··· Extracted material ···

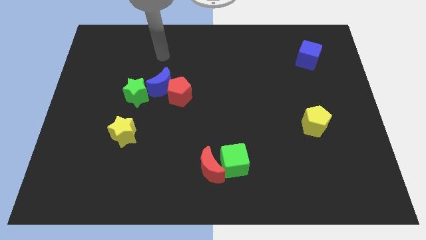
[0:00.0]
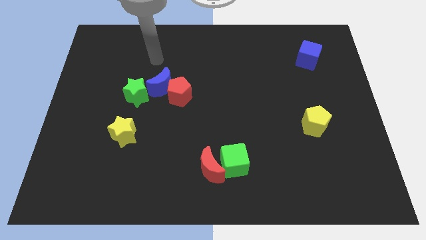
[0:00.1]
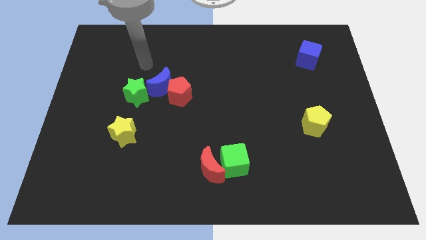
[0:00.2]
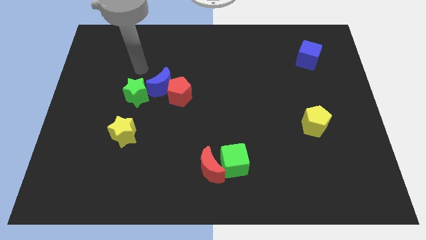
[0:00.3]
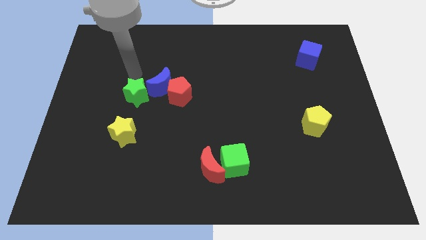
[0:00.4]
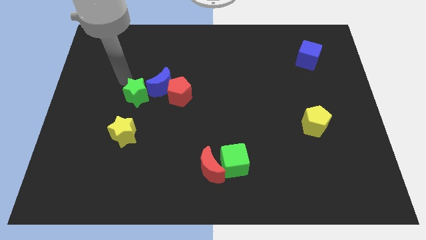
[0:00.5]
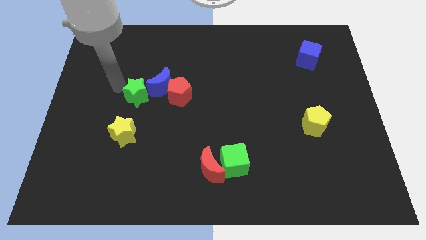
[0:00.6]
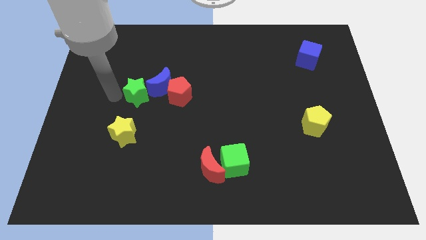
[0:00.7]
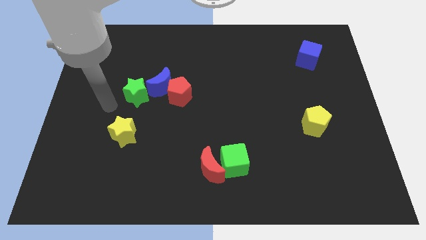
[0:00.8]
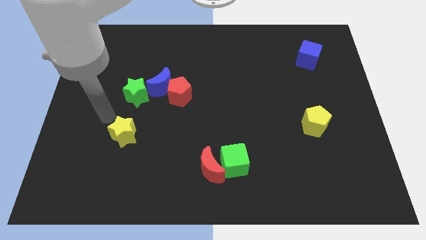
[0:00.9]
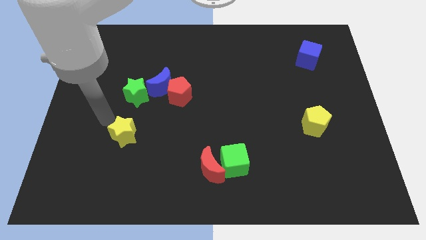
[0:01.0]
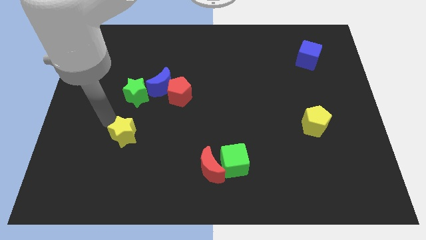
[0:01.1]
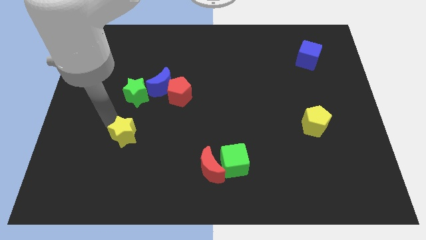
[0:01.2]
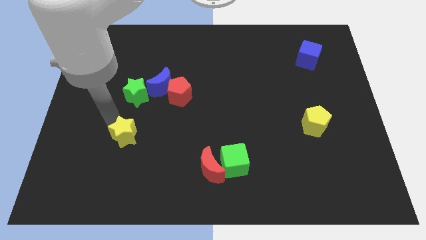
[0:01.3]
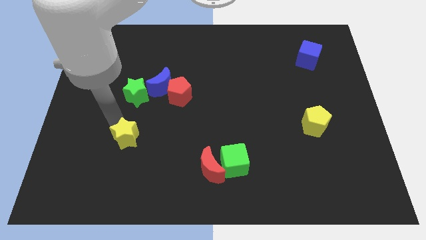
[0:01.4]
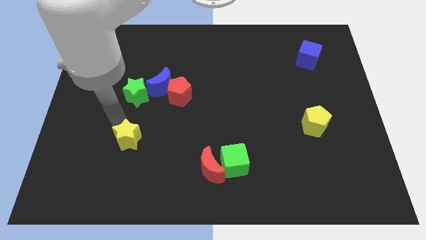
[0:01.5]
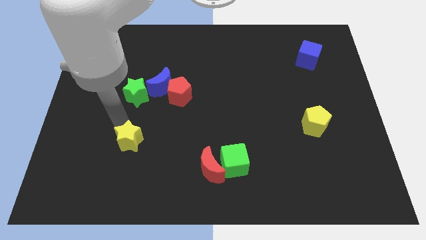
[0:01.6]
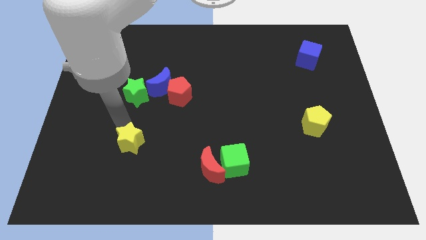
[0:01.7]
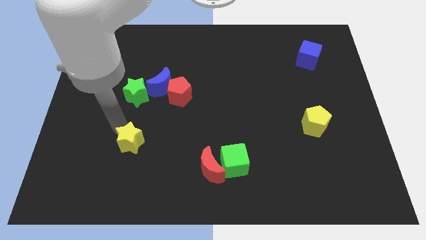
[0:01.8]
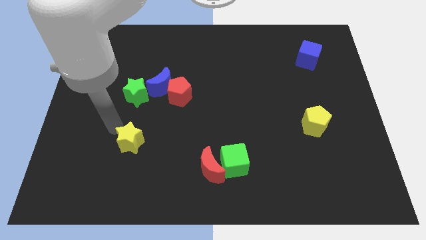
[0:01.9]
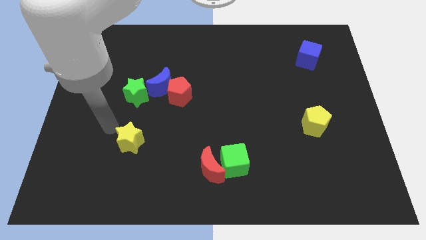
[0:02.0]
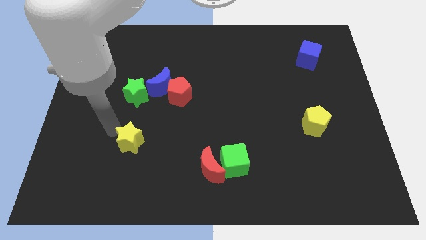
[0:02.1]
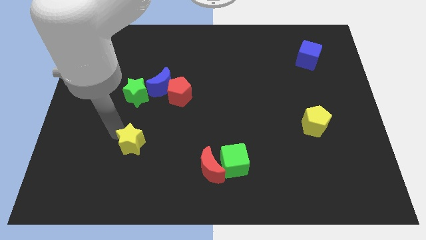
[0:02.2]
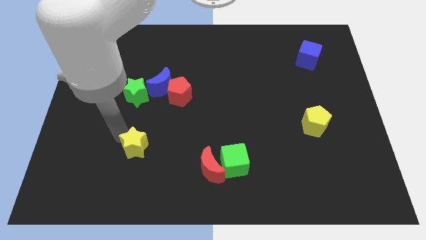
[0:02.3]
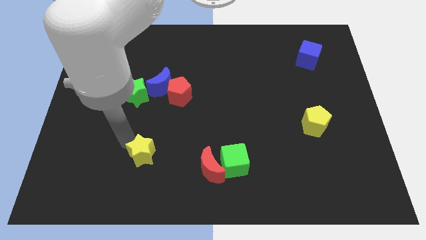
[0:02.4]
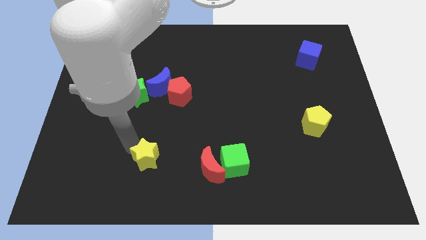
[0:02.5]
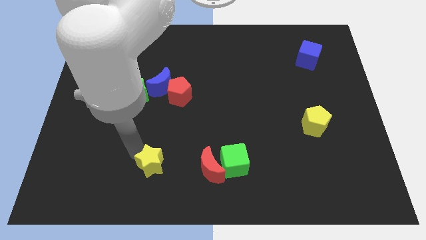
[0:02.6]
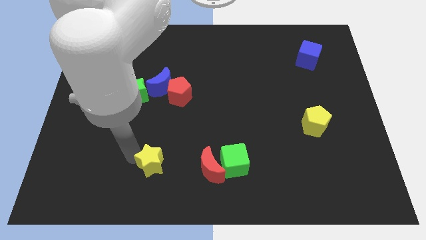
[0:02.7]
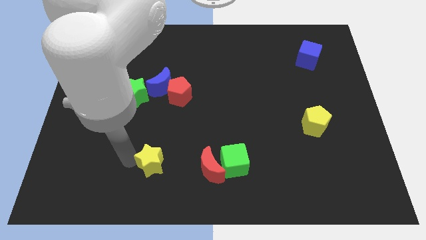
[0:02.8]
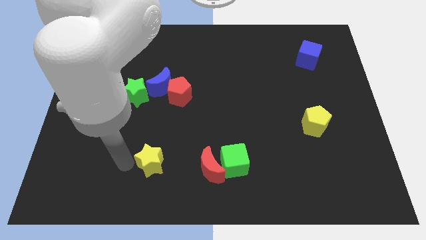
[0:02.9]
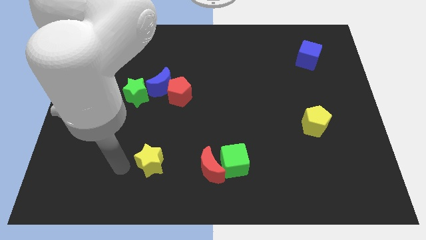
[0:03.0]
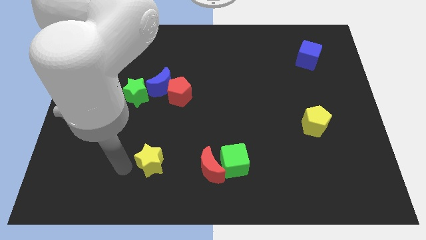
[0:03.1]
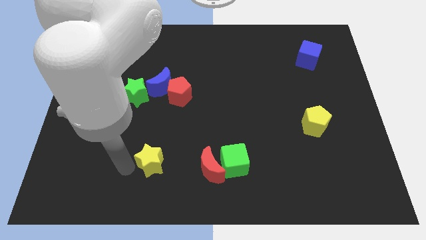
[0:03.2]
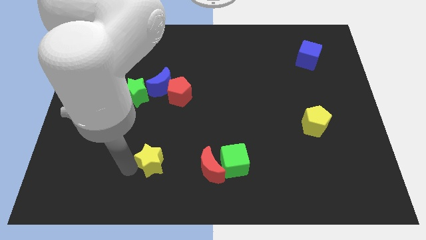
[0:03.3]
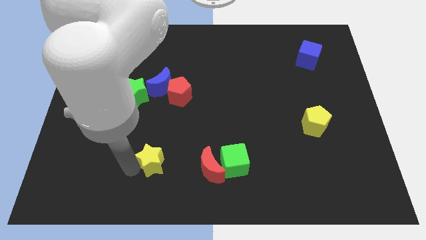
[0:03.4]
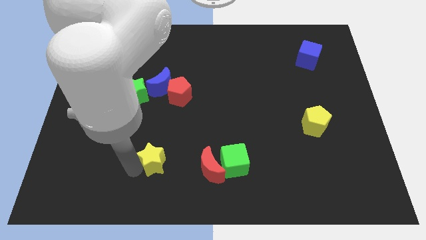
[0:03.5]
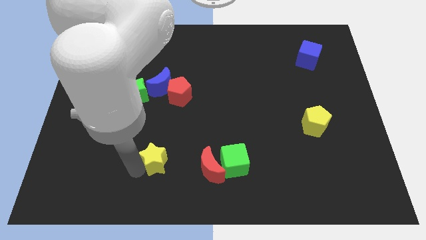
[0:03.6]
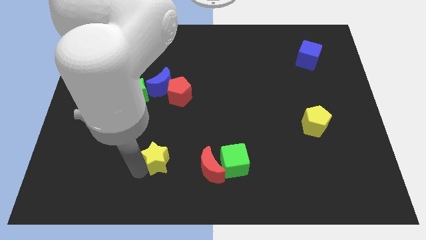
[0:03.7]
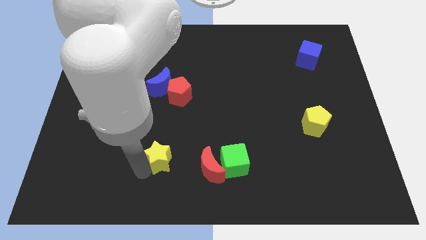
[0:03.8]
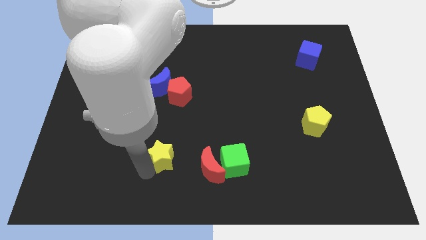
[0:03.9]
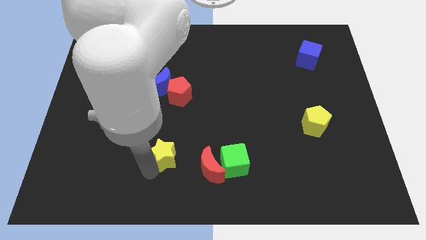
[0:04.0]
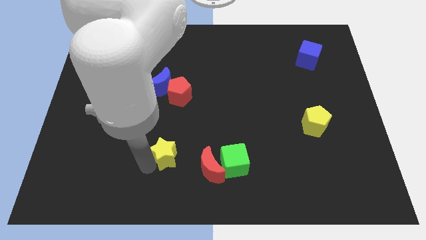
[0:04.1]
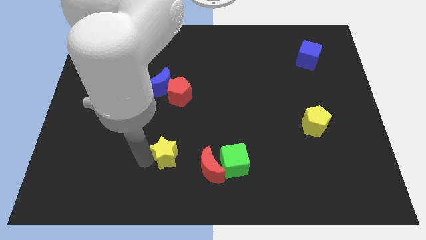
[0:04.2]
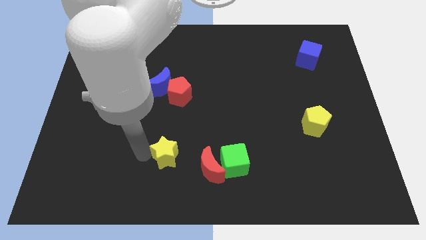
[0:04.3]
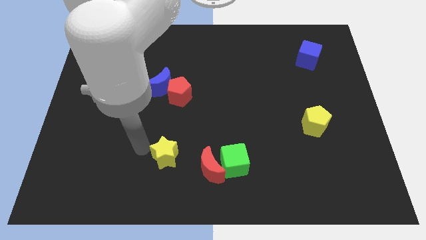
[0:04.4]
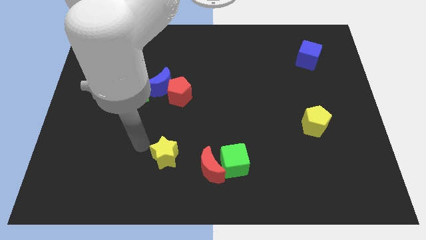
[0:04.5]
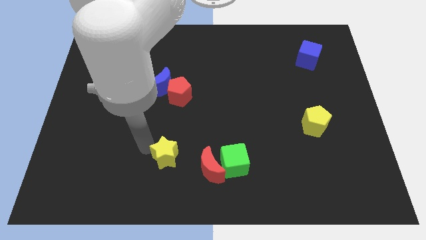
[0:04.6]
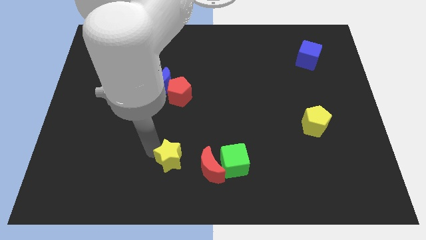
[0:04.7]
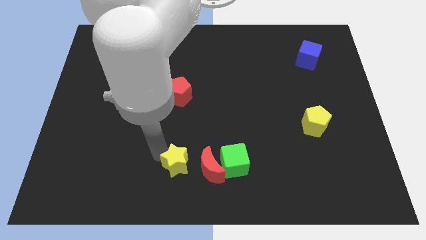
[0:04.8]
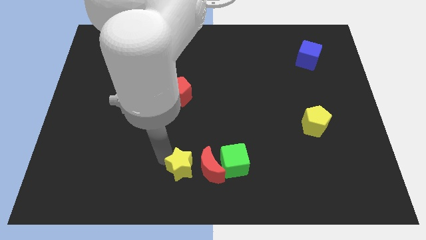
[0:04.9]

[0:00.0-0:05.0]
push the yellow star towards the red moon

···

**Problem to solve**
The answer must be the full set of records, repeated exactly, with no pictures.

**Final answer**
[0:00.0]
[0:00.1]
[0:00.2]
[0:00.3]
[0:00.4]
[0:00.5]
[0:00.6]
[0:00.7]
[0:00.8]
[0:00.9]
[0:01.0]
[0:01.1]
[0:01.2]
[0:01.3]
[0:01.4]
[0:01.5]
[0:01.6]
[0:01.7]
[0:01.8]
[0:01.9]
[0:02.0]
[0:02.1]
[0:02.2]
[0:02.3]
[0:02.4]
[0:02.5]
[0:02.6]
[0:02.7]
[0:02.8]
[0:02.9]
[0:03.0]
[0:03.1]
[0:03.2]
[0:03.3]
[0:03.4]
[0:03.5]
[0:03.6]
[0:03.7]
[0:03.8]
[0:03.9]
[0:04.0]
[0:04.1]
[0:04.2]
[0:04.3]
[0:04.4]
[0:04.5]
[0:04.6]
[0:04.7]
[0:04.8]
[0:04.9]

[0:00.0-0:05.0]
push the yellow star towards the red moon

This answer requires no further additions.